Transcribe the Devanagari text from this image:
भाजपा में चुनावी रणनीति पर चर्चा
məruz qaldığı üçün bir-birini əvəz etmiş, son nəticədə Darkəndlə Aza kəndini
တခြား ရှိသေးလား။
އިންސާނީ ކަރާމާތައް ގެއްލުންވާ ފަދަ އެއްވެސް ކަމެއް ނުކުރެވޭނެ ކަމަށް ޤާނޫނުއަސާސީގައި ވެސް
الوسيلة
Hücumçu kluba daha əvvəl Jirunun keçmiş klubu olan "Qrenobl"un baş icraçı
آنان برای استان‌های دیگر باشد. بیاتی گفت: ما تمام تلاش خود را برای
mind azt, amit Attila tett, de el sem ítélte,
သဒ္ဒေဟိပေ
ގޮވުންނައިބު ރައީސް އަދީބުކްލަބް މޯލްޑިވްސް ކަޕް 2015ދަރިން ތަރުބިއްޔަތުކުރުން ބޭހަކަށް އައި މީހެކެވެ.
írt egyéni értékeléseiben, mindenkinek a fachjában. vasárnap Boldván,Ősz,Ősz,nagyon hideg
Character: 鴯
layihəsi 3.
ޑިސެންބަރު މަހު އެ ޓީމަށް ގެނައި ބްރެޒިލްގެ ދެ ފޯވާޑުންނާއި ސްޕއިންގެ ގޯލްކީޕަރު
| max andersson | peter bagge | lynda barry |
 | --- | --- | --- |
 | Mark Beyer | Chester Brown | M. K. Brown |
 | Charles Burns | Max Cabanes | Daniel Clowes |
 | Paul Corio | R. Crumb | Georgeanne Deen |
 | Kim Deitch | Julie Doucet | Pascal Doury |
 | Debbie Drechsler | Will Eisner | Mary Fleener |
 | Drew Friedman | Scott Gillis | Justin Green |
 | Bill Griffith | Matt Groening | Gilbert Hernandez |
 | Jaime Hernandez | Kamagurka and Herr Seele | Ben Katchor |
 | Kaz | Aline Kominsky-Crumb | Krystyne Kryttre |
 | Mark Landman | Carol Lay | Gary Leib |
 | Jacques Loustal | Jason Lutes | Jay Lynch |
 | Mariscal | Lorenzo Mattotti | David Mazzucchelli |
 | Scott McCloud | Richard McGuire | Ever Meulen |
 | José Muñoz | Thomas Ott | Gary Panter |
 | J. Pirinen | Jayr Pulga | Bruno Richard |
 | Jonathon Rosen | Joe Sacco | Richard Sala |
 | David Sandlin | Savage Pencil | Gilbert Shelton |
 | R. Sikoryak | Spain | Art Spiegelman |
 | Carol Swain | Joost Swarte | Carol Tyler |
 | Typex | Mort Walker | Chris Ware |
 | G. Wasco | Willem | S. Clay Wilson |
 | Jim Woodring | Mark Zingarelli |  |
______________________________
Directions:
For the word "Gilbert", how many lines in the records above contain it? Answer with the number and nothing else.

Written response:
2